I chose today to write about this for two reasons, I received an invite on Facebook to attend Love is the Movement (February 13) with an organization called To Write Love On Her Arms and because Valentine’s Day is right around the corner. (suicide rates are at their highest during this time of year)

Many of you who will read this know the story or at lest some of it. Some of which you may try to forget and pretend it doesn’t exits and some of you may be learning of this for the first time. I on the other hand will never forget this and am daily reminded by the scars on my wrist (picture above). I won’t go into all the details because this could go on for a long time.

For years I suffered with depression, suicide and cutting issues. It started when I was pretty young and continued on until my early twenties. Most of my depression and rebellion was blamed on my parent’s divorce, moving around and all the stress that caused. I was sent to see school counselors, and others not in the school system. Me being the stubborn person I am, decided I didn’t need to talk to them or try to work out any of my “issues”. Instead I turned to cutting…figuring a physical wound would justify the pain of the emotional ones.

The firs time I attempted suicide it was my wrists that I cut, then I attempted my neck and eventually gave up on the suicide attempts and just started cutting. Again with my wrists, my ankles, and any other place you couldn’t notice very well. Most of these attempts were when I was home, in the next room from family…after coming to my sense and realizing this wasn’t the answer I would just jump in the shower, try to wipe it all away and go on pretending life was just fine.

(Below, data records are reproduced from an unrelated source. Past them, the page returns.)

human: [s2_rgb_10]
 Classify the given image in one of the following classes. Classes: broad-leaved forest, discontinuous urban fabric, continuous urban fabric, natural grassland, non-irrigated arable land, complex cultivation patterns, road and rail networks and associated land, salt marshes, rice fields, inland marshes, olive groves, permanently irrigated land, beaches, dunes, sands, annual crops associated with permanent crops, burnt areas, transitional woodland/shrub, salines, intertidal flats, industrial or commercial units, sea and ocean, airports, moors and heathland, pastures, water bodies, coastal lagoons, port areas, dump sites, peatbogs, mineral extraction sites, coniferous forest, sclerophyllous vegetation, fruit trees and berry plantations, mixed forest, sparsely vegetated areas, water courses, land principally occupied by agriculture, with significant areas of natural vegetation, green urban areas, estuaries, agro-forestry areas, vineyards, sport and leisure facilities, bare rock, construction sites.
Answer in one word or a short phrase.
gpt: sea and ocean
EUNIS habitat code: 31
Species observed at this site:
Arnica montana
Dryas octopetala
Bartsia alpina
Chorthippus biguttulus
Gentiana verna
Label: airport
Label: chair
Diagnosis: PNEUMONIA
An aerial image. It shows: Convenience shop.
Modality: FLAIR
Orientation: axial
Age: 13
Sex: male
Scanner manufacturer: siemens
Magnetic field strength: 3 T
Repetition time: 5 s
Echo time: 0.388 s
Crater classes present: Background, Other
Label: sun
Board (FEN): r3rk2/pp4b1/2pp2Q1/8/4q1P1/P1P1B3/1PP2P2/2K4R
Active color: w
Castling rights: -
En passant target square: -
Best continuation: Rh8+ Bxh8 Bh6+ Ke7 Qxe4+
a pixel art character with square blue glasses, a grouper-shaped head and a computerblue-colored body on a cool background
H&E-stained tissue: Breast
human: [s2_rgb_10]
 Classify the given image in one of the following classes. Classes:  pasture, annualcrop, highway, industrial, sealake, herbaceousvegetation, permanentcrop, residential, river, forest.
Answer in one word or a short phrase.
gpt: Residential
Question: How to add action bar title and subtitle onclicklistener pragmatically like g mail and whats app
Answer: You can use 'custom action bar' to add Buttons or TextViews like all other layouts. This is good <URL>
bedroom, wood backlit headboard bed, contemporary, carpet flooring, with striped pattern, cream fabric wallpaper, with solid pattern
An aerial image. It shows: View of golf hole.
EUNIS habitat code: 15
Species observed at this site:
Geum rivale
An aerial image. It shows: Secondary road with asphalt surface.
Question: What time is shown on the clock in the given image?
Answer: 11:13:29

Now, I know people reading this are thinking a few things right now and some common thoughts to stories such as these are:
“This is stupid”, “ Why would anyone ever do such a thing”, “There is more to life than this”, “People who do this are dumb” etc…. Oh I’ve heard it all let me tell you. But from a person who has dealt with this, let me just say, its not as easy as you think. Yes, obviously there is more to life than this but when you are so depressed you don’t see those options. You don’t see those around you who love you and want to help you. You have tunnel vision. You think the world would be a better place with out you, but truth is…it won’t be. You are here for a reason, we all are. So instead of these comments, and if you know someone who is hurting in this way…help them. Reach out a hand and just love them. Don’t tell them they are wrong and stupid, Try LOVE and a bit of GRACE.

It has been almost six years since I have attempted anything or cut myself. Its been a long hard journey but a good one that has taught me a lot of things not just about myself but God.

I am not writing this for people to feel sorry for me or anything like that. I am good now, I’ve grown and realized that yes there is more out there and there’s a plan and a purpose for me being here. I have always been an open book…ask me a question and I’ll answer. But I do write this for people who are suffering, have suffered, or you have a friend or loved one in a situation like this…there is hope!! One resource is an organization called To Write Love On Her Arms Please take a few minutes to check them out! They are amazing in what they do and I wish that when I was dealing with this they were around.

The picture above is of my wrist with the areas of some of my scars highlighted in red.